I am analyzing ATAC-seq data and right now trying to confirm my reads enriched around TSS sites however I am obtaining enrichment between TSS and TES for all my samples in two cell lines.
The code I run:
computeMatrix reference-point \
-S m7_rep1.bw \
-R hg38.TSS.bed \
--beforeRegionStartLength 1000 \
--regionBodyLength 2000 \
--afterRegionStartLength 1000 \
--binSize 100 \
-o m7_rep1_matrix.gz
plotHeatmap \
-m m7_rep1_matrix.gz \
-out m7_rep1_TSS_enrichment_heatmap.png
I generated the hg38.TSS.bed
awk '$3 == "transcript"
{
if ($7 == "+") print $1 "\t" $4-1000 "\t" $4+1000;
else if ($7 == "-") print $1 "\t" $5-1000 "\t" $5+1000;}
' hg38.refGene.gtf > hg38.TSS.bed
I am also not sure about the black genes.
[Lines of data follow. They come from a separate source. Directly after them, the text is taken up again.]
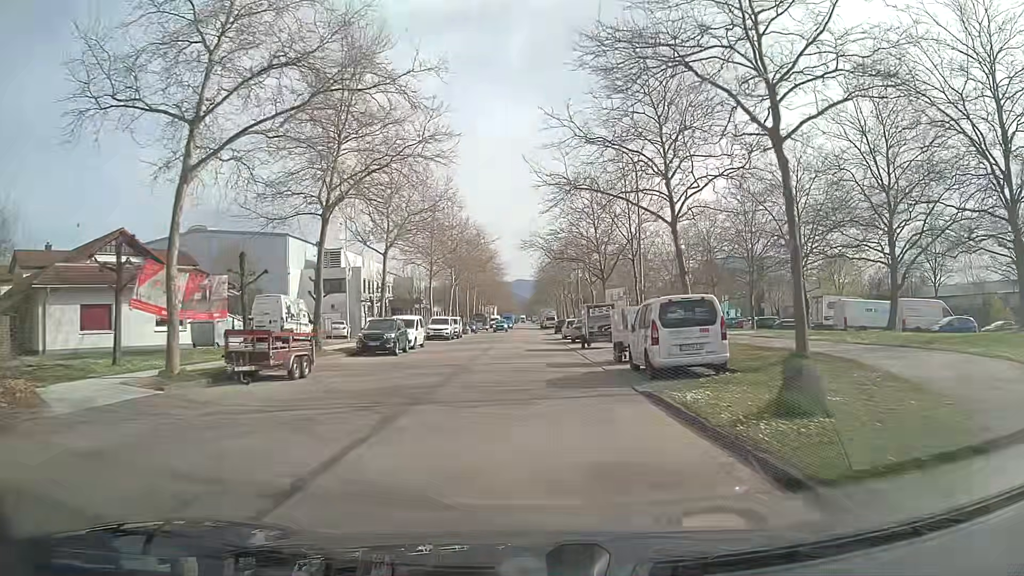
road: tertiary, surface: asphalt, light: Day
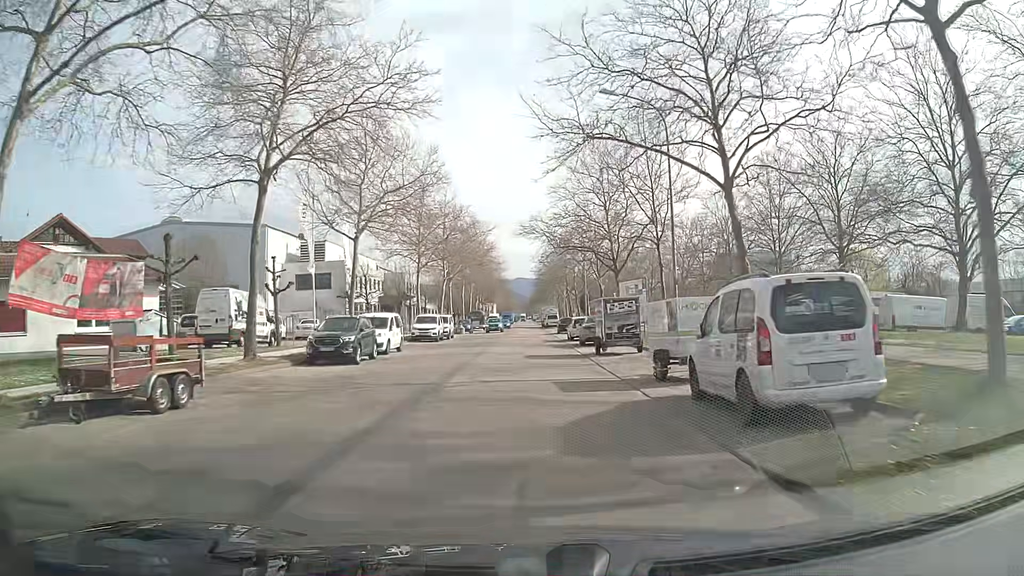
(0.0, +6.9) m; +1°
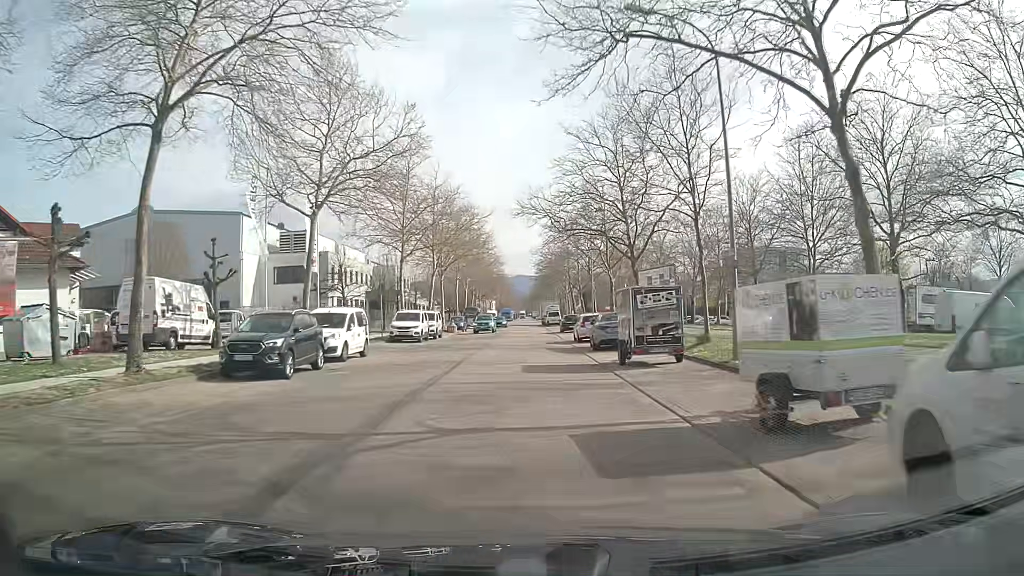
(-0.1, +6.8) m; -1°
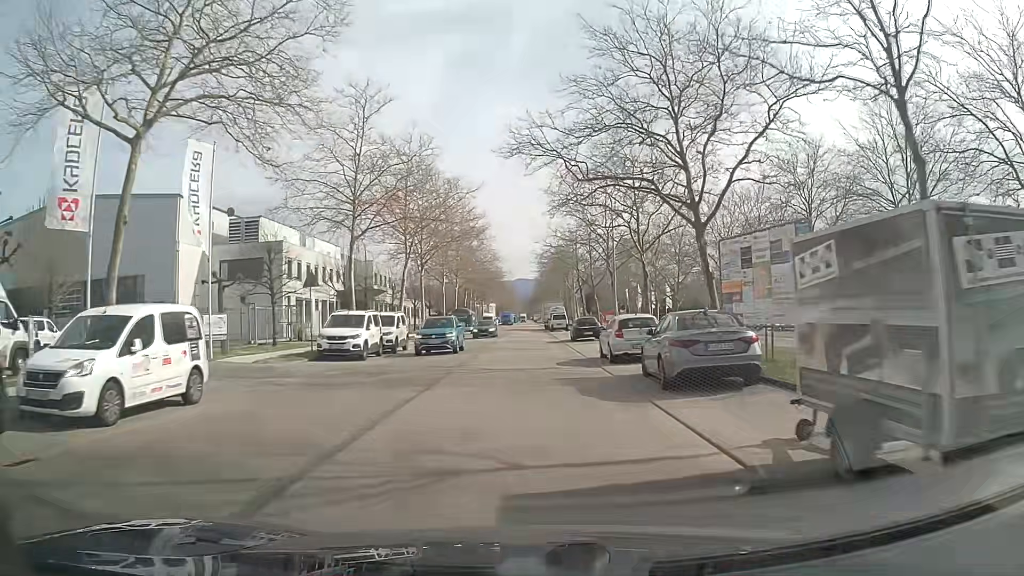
(+0.1, +13.2) m; +1°
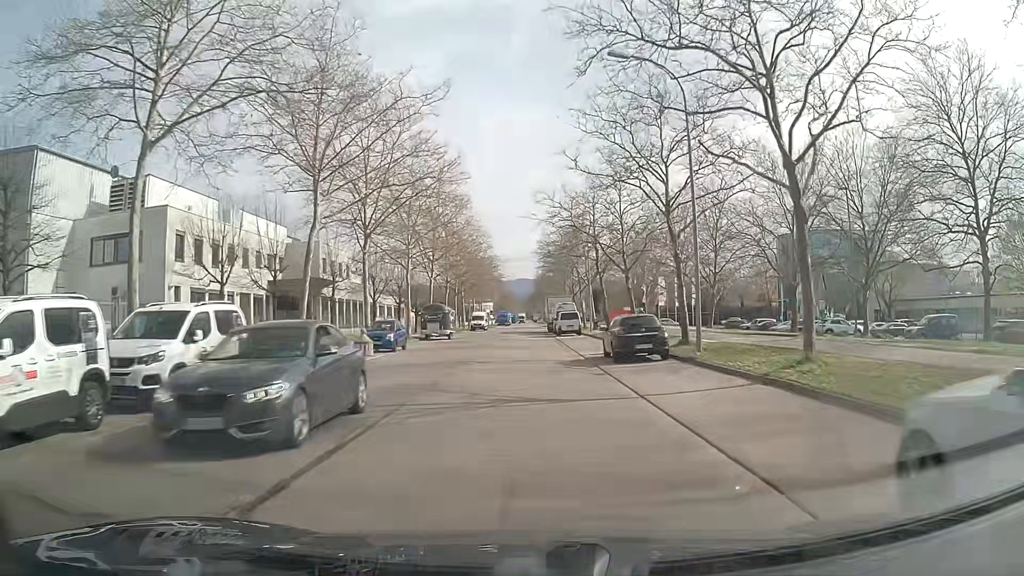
(-0.4, +19.2) m; -2°
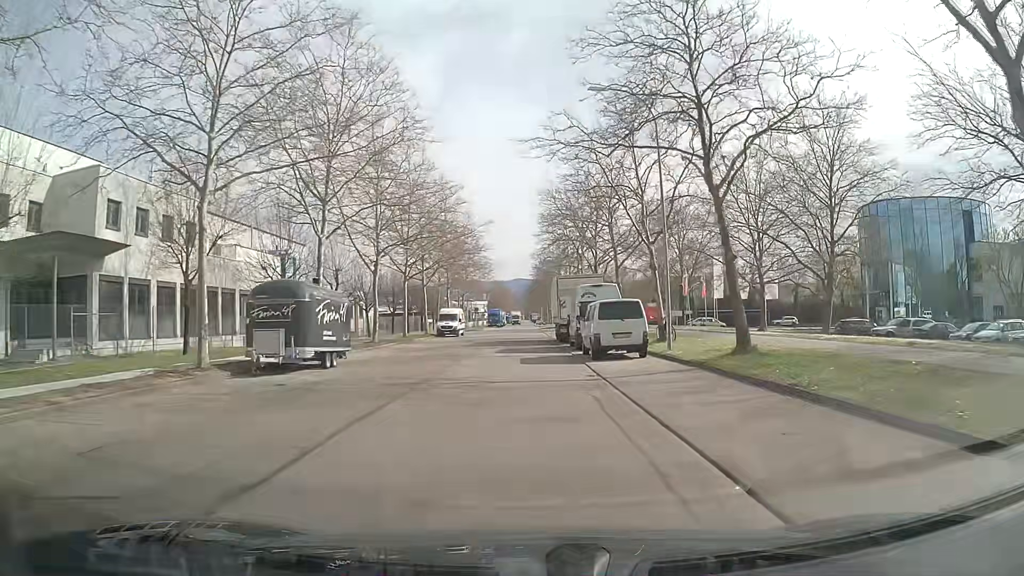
(+0.5, +31.0) m; +1°
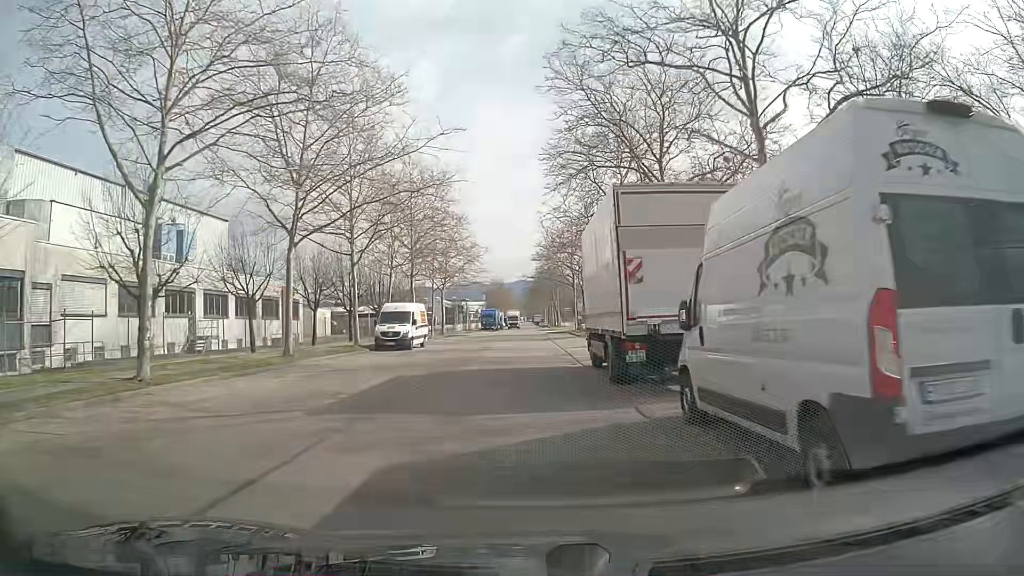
(0.0, +24.7) m; 0°
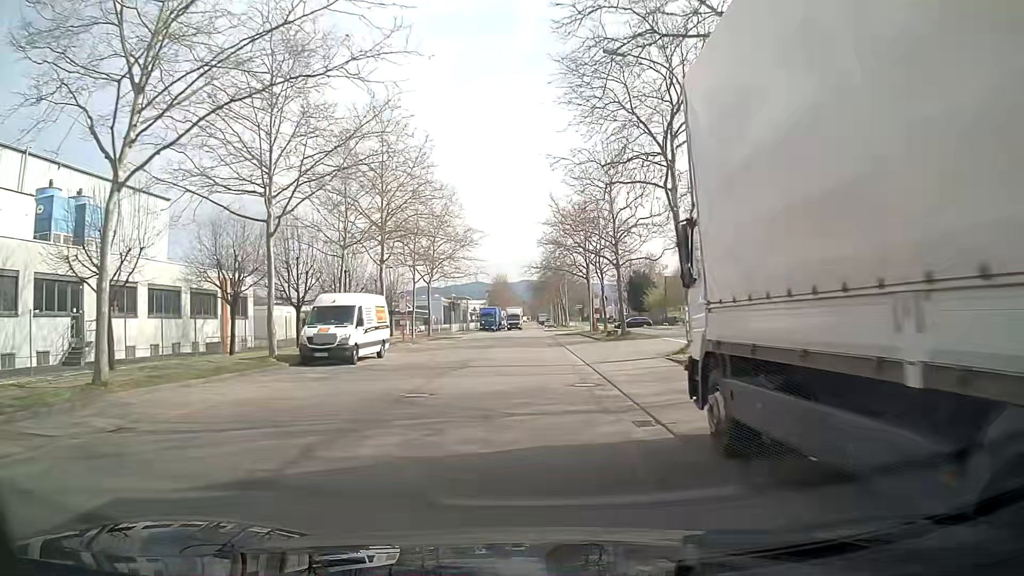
(0.0, +12.5) m; +1°

What could be the thing I am doing or is going wrong?
I appreciate any help, thank you
To troubleshoot, maybe try separating the transcripts by strand, instead of mixing the two. In your awk statement, for instance, write one or the other strand if-else case and visualize that. This may help highlight the problem.
I concluded that I initially made the wrong configuration of TSSs initially; thank you so much for your directive reply.